Zidong Taichu 2.0: A Great Leap in Exploring General AI
Zidong Taichu 2.0: A Great Leap in Exploring General AI
At the 2023 Artificial Intelligence Framework Ecosystem Summit, Xu Bo, director of the Institute of Automation, Chinese Academy of Sciences (CASIA), announced the launch of the full-modality foundation model—Zidong Taichu 2.0, and displayed its powerful functions, such as music understanding and generation, 3D scene navigation, signal understanding, and multi-modal dialogue.

(Xu Bo at the 2023 Artificial Intelligence Framework Ecosystem Summit)
Zidong Taichu 2.0 is an upgrade from Zidong Taichu 1.0, a multimodal foundation model containing hundreds of billions of parameters. In addition to audio, image, and text modalities, modal data such as videos, signals, and 3D point clouds is added to the new version, making a breakthrough on key unified multimodal association technologies such as cognitive enhancement, due to its superb capabilities of comprehension, generation, and association.
Cognitive Capability Is a Key for Full Modality
Since 2019, the Chinese Academy of Sciences (CAS) has started the development on multimodal foundation models based on the research and application of single-modal foundation models in the audio, text, and image fields. In 2021, CAS officially released Zidong Taichu 1.0, advancing AI from having a single specialization and capability to processing multiple specializations and capabilities.
According to Xu Bo, multimodal capabilities are essential for human learning and interaction, to achieve a higher level of intelligence. As a result, Zidong Taichu has always prioritized the multimodal technical approach at the very beginning.
"As Zidong Taichu 1.0 is continuously applied, many new requirements are arising. For example, in industrial intelligence, many parameters such as temperature, humidity, pressure, and liquid level measurements need to be processed. In medical scenarios, structured data from medical examinations and heterogeneous medical image data need to be processed. By analyzing both structured and unstructured data, it becomes clear that only when data is cognitively collected and analyzed can we truly progress towards an intelligent society. This allows us to perceive and transform the world in broader and more advanced ways." Xu Bo stated.
Therefore, Zidong Taichu 2.0 is fully upgraded by leveraging the cognitive capability. From a technical architecture standpoint, it allows for full-modality open access to both structured and unstructured data. It also achieves breakthroughs in multimodal grouping cognitive encoding/decoding technologies and cognitive enhancement of multi-modal association technologies, greatly improving its multimodal cognitive capability.
Resources Integrating to Explore the Industrialization of General AI
At the conference, Xu Bo demonstrated Zidong Taichu's capabilities of illustrating the Beethoven's story through Moonlight Sonata, accurately positioning in three-dimensional scenarios, and scenario analysis based on the combination of images and voices.
Compared with Zidong Taichu 1.0, the 2.0 version improves decision-making and judgment capabilities and achieves a leap from perception, cognition, to decision-making. This means that in actual application scenarios, it will be able to create greater value for the industry.
Xu Bo stated that this full-modality foundation model has made numerous pioneering explorations in areas such as neurosurgery navigation, legal consultation, medical multimodal diagnosis, and traffic violation image reading. Especially in medical scenarios, the neurosurgery robot MicroNeuro equipped with Zidong Taichu is able to integrate multimodal information such as visual and tactile data in real time during surgery, helping doctors make real-time inference and judgment about surgical situations. In addition, in cooperation with Peking Union Medical College Hospital (PUMCH), the strong logical inference ability of Zidong Taichu is utilized to assist the diagnosis and treatment of rare human diseases.

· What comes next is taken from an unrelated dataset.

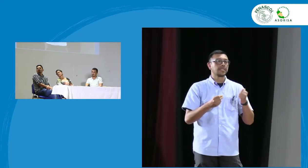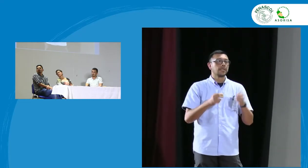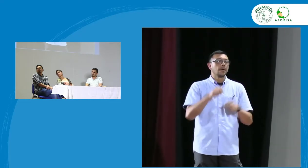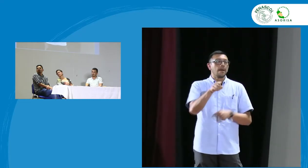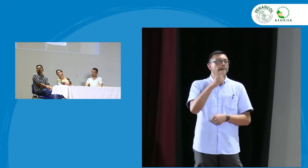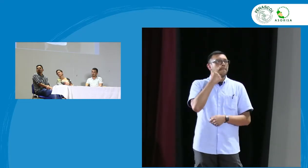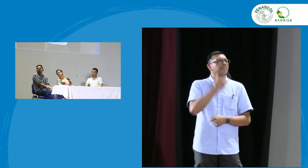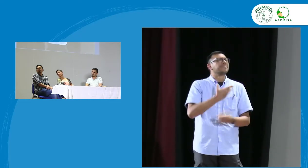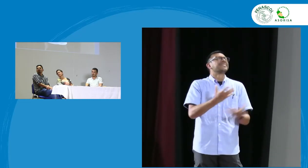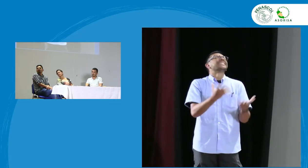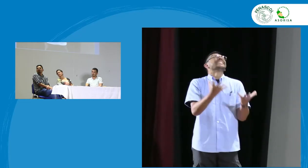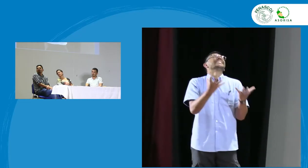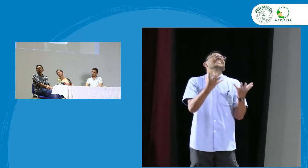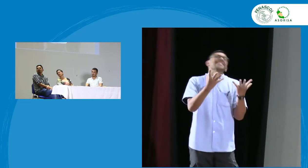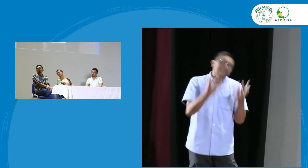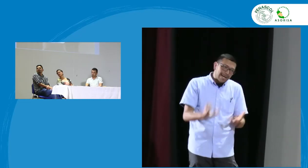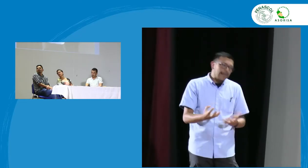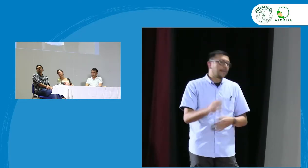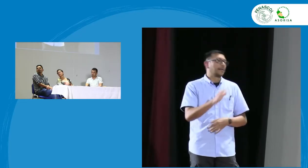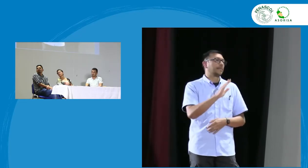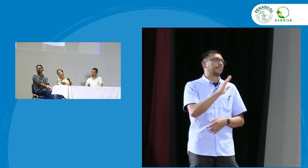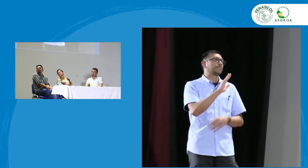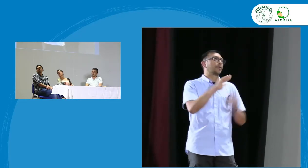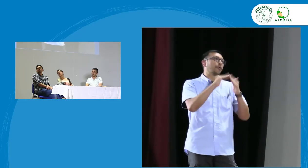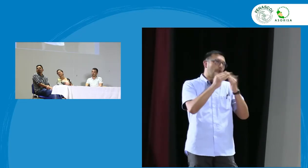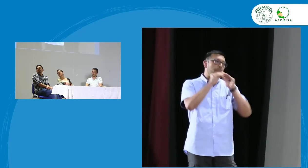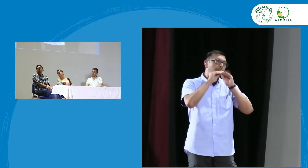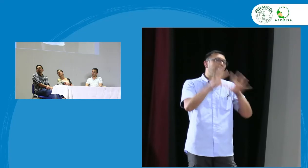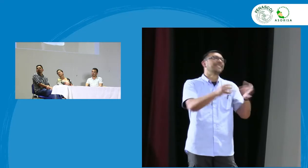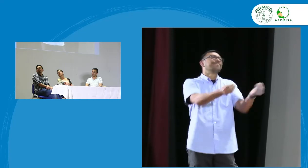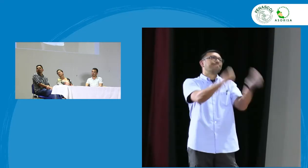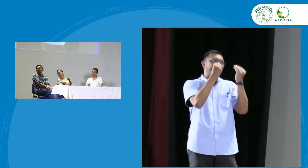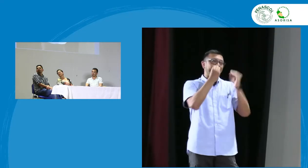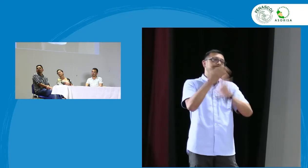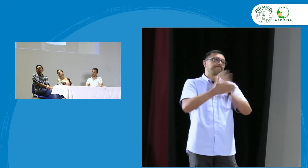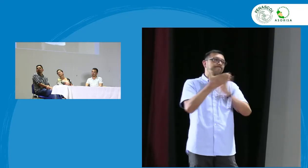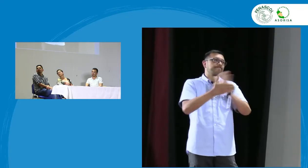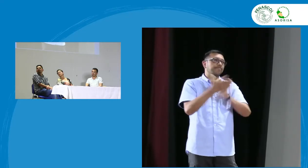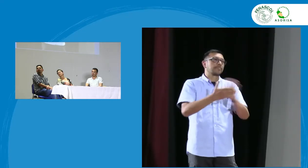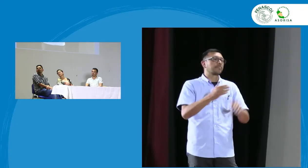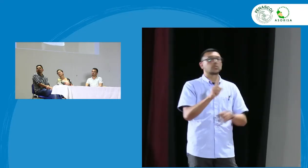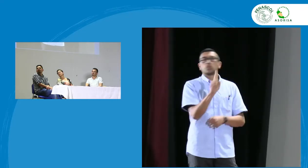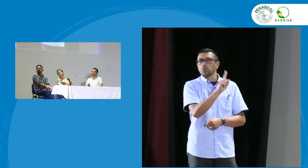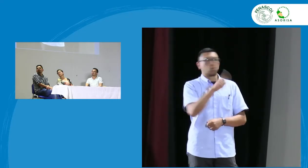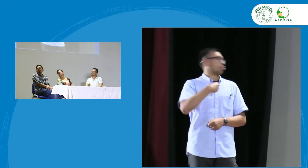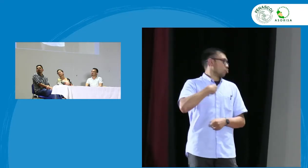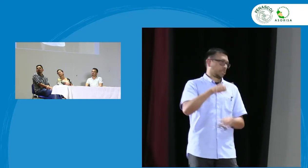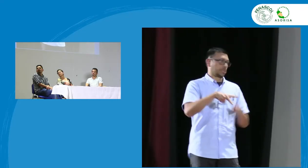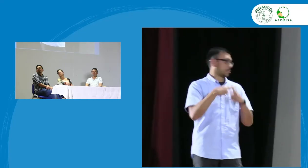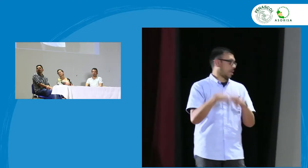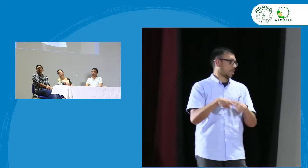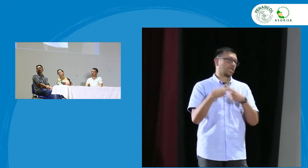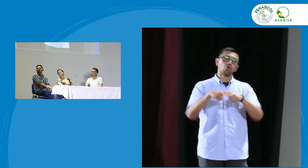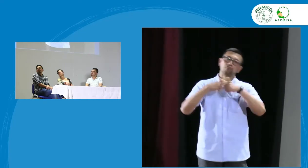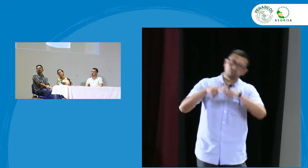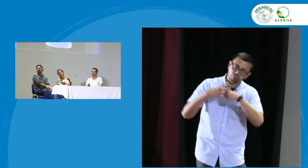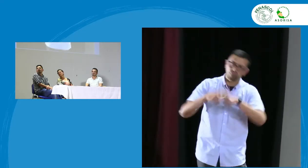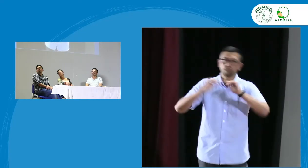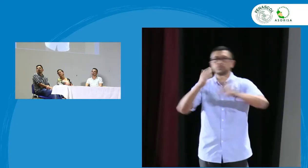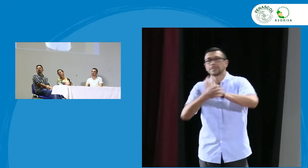oferta educativa bilingüe bicultural pero lo que se quiere es que dentro de las instituciones se formen lengua de señas
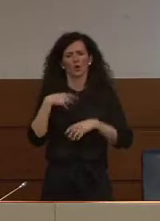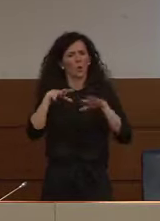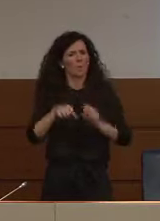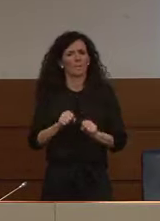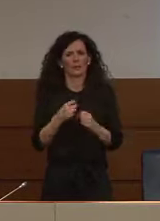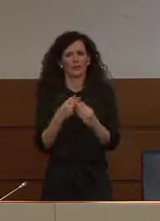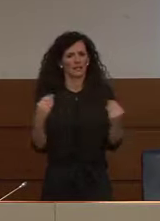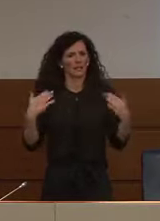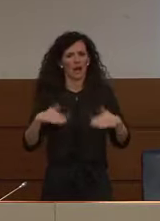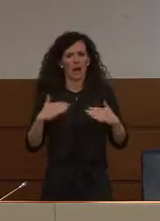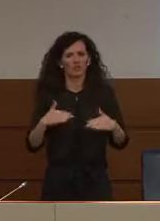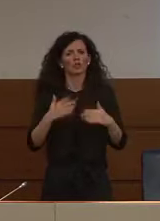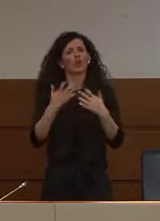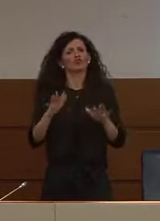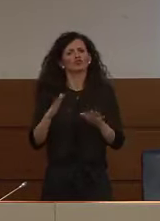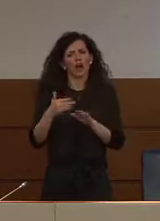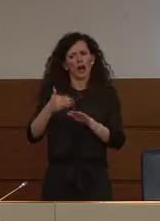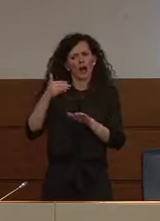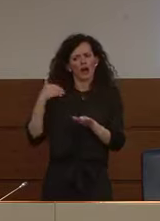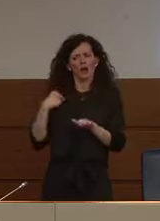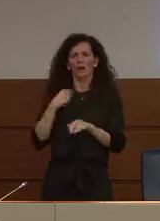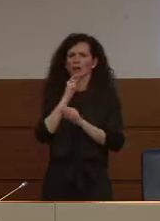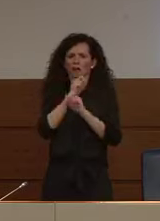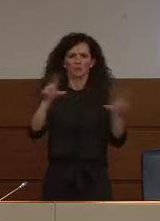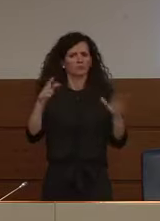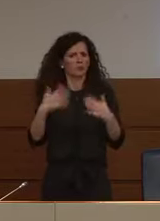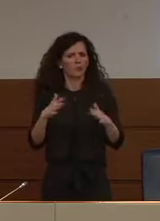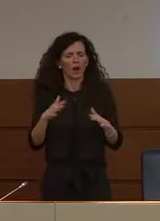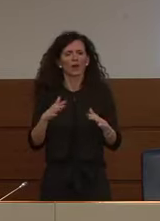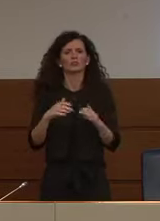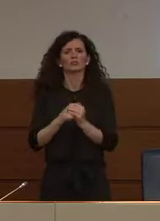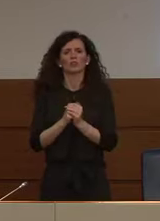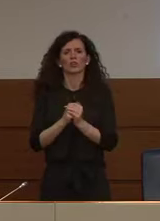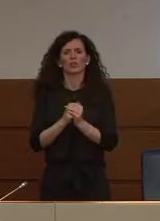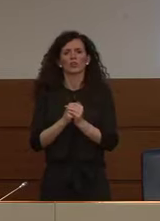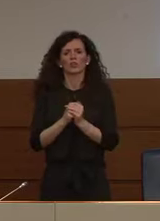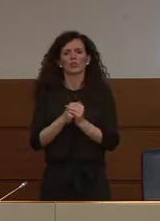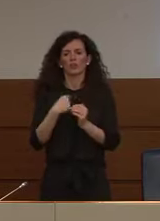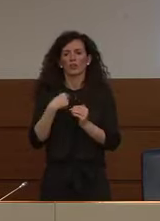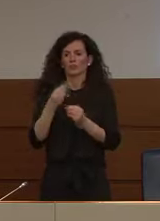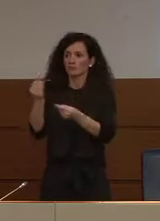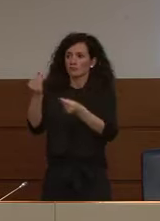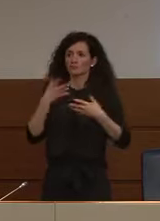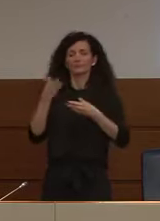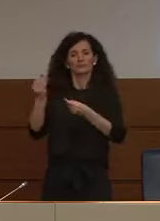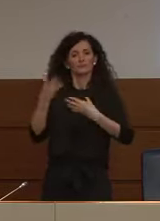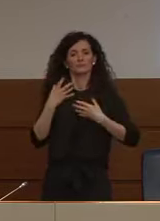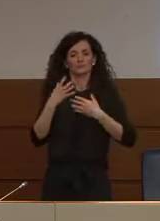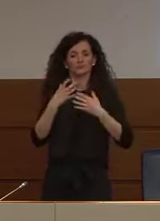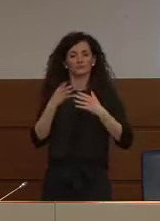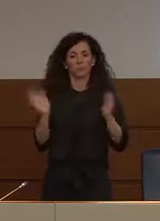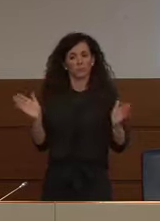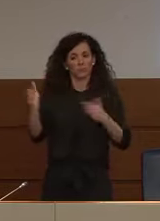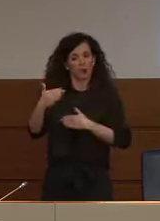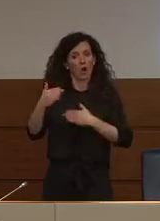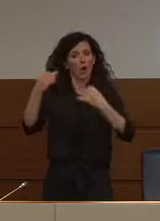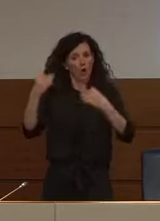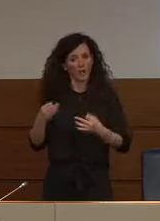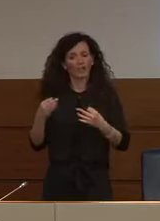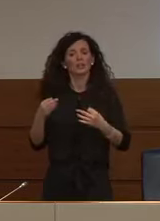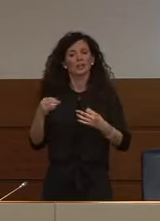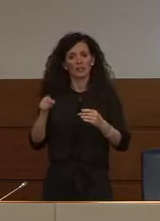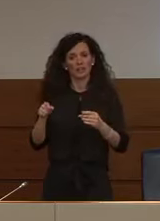detto nei giorni scorsi registriamo in molti paesi da dove arrivano le nostre forniture blocchi e

It is also noteworthy that the Zidong Taichu foundation model is supported by algorithms developed by the CASIA, Ascend AI hardware, MindSpore AI framework, and computing power provided by Wuhan AI Computing Center. Xu Bo said: "We've been developing an open service platform based on the technical research of foundation models. Our goal is to integrate resources from industry, education, and research to build multimodal AI industry applications and explore the path towards general AI industrialization."
In the near future, CAS plans to continue its exploration of integrating brain-like and game-like intelligence using the full-modality Zidong Taichu foundation model. The goal is to achieve self-evolving general AI and explore its value in various fields, contributing to the rapid growth of China’s digital economy.